Repeat the entries exactly but omit the pictures.

◆ ◆ ◆ ◆ ◆ ◆ ◆

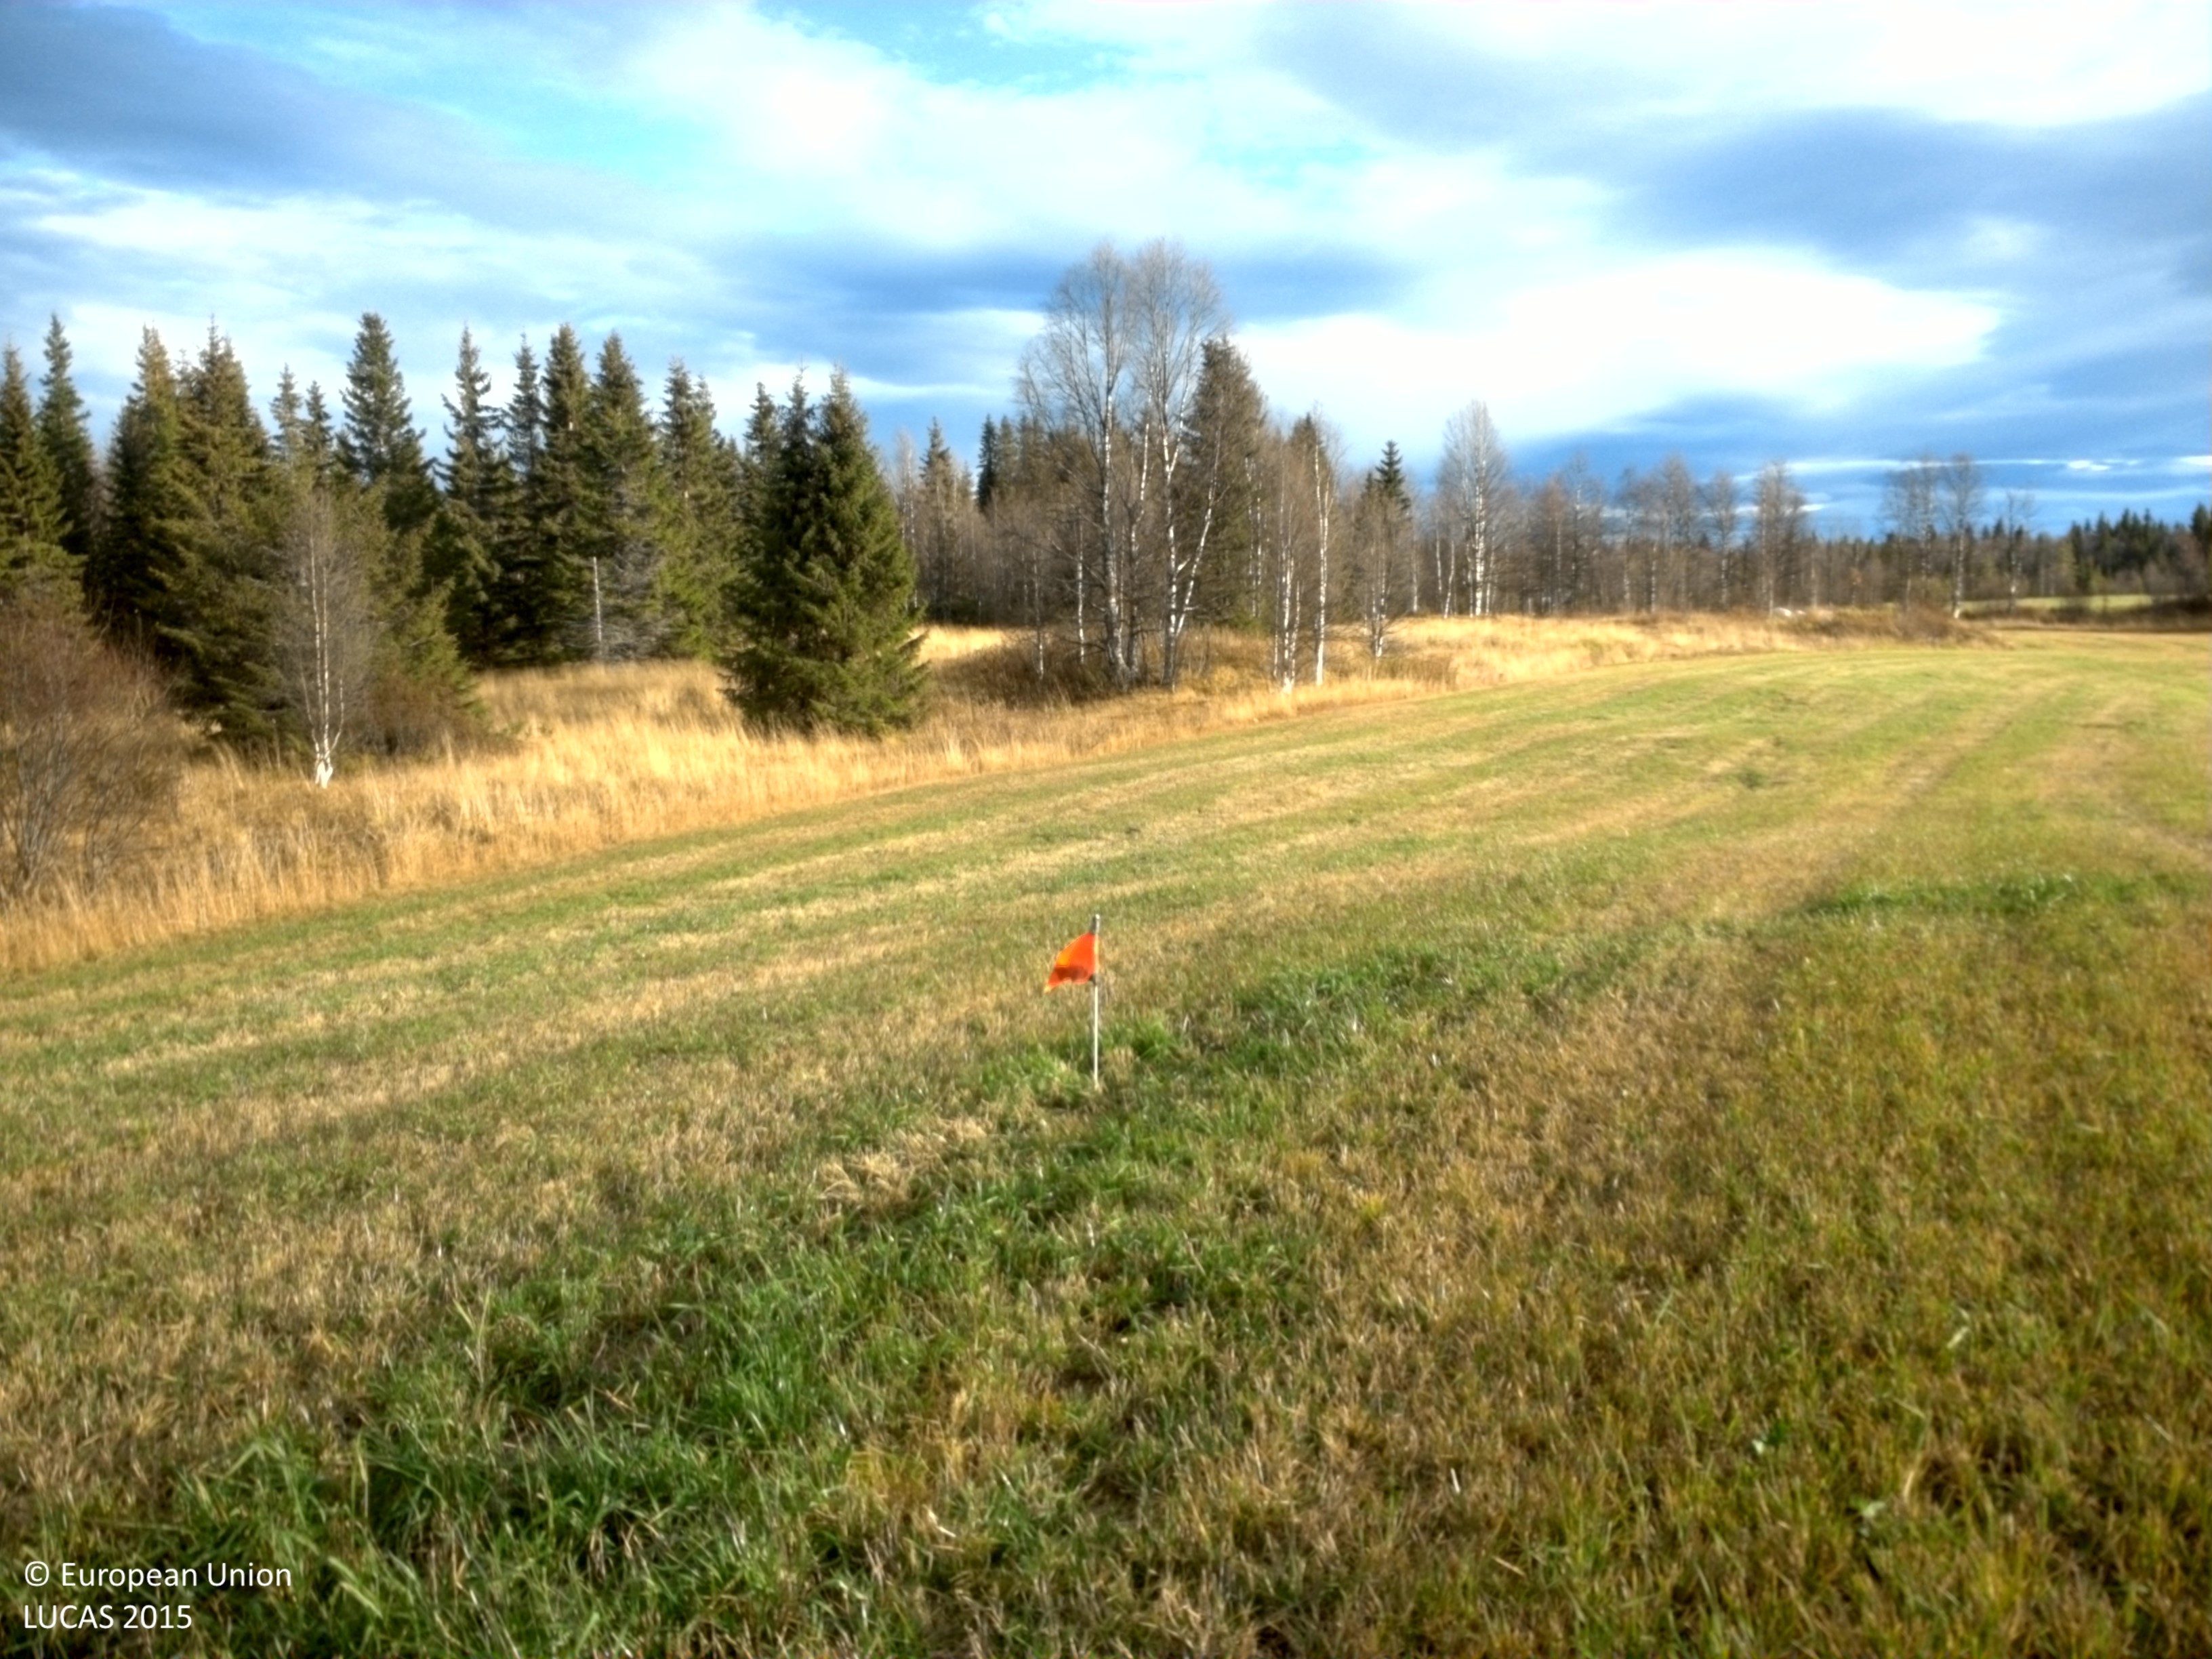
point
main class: Grassland
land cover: Grassland without tree/shrub cover
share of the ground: > 75 %
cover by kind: herbaceous plants 100 %
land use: Agriculture (excluding fallow land and kitchen gardens)
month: October
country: SE
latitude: 64.5405
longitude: 16.4102
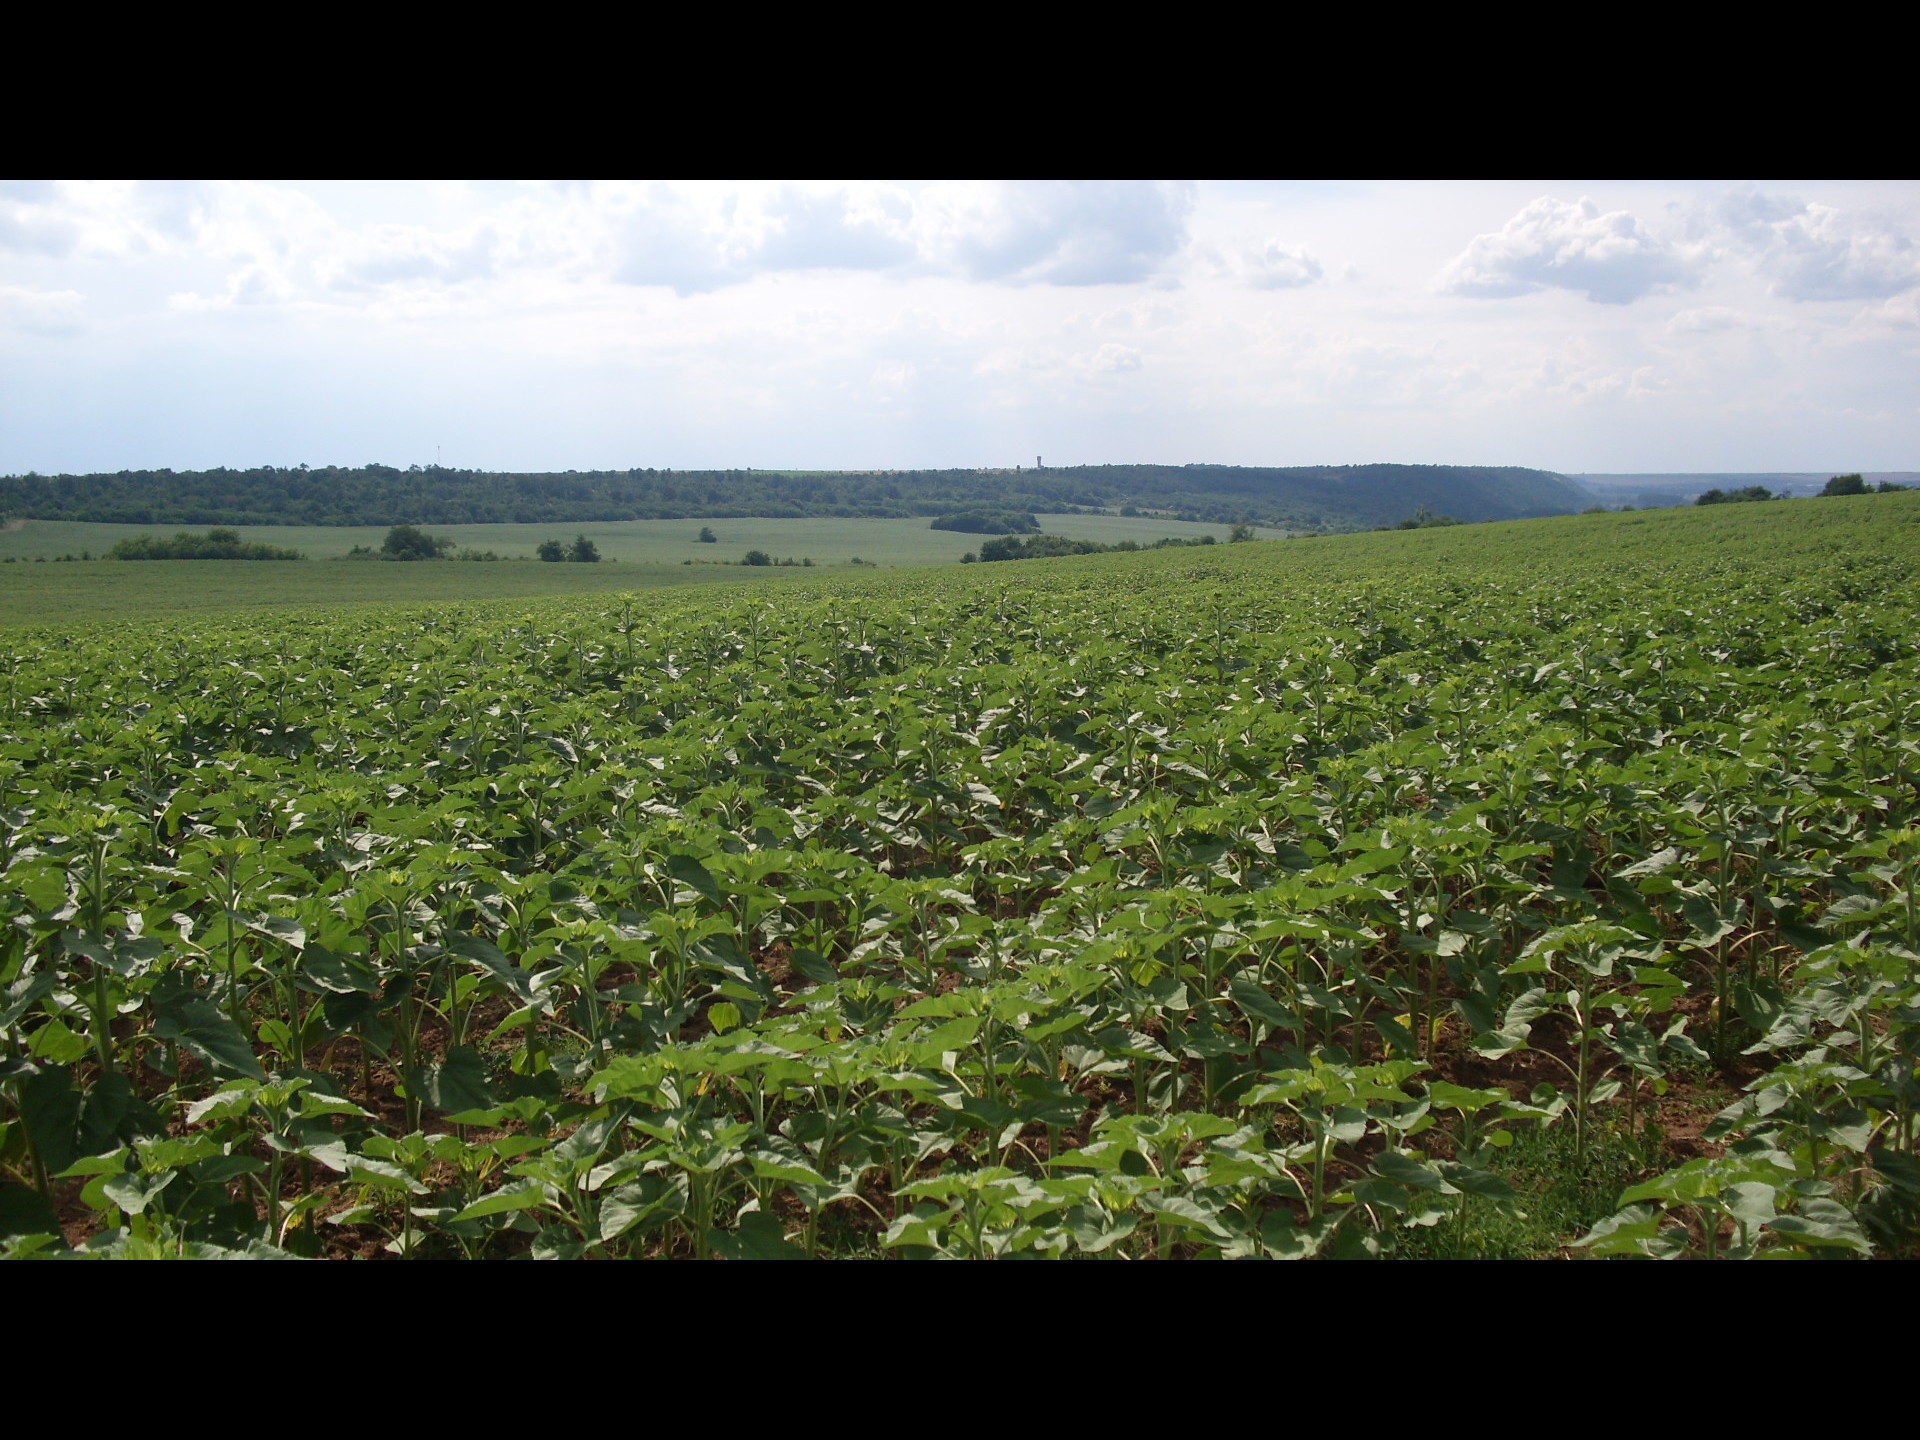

◆ ◆ ◆ ◆ ◆ ◆ ◆

WRITTEN SOLUTION —
point
main class: Grassland
land cover: Grassland without tree/shrub cover
share of the ground: > 75 %
cover by kind: herbaceous plants 100 %
land use: Agriculture (excluding fallow land and kitchen gardens)
month: October
country: SE
latitude: 64.5405
longitude: 16.4102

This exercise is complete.